Report accuses BT of supplying backdoors for GCHQ and NSA - detcader
http://www.networkworld.com/news/2013/121613-report-accuses-bt-of-supplying-276975.html

======
ds9
Essentially what is claimed is that BT supplies combined modem/routers to
subscribers, they are closed to configuration by the subscribers, and
trojaned. Further (according to the claims), the firmware will look into your
home LAN if you let it.

[Edit 0, corrected this par.] The smart thing to do, of course is interpose
your own trustworthy router with firewall and your own settings on the LAN
side of any ISP equipment. This would at least keep the ISP out of your LAN if
you otherwise practice good security. (Also maybe demand a pure modem, or
bridge mode on a combined unit, tho these changes even if obtained would not
really prevent the ISP filtering or spying.)

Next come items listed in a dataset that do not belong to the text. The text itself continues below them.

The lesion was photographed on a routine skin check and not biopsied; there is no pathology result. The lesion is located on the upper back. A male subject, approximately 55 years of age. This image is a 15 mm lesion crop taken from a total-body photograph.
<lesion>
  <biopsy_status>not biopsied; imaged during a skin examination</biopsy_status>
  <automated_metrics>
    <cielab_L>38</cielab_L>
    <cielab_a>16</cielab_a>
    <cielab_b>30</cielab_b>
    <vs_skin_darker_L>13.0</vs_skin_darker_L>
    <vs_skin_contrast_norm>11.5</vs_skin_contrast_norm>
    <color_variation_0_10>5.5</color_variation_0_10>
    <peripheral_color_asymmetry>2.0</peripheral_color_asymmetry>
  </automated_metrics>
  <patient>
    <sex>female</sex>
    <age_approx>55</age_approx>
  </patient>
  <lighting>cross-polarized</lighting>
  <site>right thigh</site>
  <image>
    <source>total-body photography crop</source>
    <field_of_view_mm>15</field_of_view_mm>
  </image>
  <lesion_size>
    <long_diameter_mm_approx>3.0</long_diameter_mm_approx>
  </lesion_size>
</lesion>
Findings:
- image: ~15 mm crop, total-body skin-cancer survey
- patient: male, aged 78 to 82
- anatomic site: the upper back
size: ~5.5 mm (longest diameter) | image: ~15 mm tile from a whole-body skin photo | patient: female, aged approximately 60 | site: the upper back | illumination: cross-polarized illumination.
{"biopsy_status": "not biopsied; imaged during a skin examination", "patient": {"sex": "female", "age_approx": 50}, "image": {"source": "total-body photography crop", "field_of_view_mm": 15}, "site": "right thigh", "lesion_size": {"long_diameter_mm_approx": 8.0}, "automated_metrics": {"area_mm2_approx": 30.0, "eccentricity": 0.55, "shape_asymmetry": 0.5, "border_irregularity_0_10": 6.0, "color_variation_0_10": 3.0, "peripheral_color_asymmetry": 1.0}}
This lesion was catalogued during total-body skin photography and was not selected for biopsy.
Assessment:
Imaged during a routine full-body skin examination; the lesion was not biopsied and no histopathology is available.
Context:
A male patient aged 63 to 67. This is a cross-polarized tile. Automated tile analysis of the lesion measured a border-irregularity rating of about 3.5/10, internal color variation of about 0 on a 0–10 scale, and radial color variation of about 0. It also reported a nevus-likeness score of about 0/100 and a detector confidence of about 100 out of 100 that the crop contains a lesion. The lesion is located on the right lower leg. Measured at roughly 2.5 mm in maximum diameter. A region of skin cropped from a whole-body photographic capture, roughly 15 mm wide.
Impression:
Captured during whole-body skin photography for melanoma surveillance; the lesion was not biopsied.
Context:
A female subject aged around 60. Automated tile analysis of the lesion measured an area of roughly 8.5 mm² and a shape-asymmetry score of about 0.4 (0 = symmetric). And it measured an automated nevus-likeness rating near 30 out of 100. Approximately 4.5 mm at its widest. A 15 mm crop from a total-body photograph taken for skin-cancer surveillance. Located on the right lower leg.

None of this will stop any messing about on the ISP side, but there are other
means of trying to foil wiretapping, MITM or impersonation attacks.

Edit 1: OK, this is probably a waste of time but I'll update to acknowledge
(a) BT says this report is "a conspiracy theory" and others say the 30.x
subnet is widely used for innocuous purposes (b) the allegations, while they
point to real possibilities, are undermined by the "researchers"' super-cheezy
style and overblown hype in their PDF.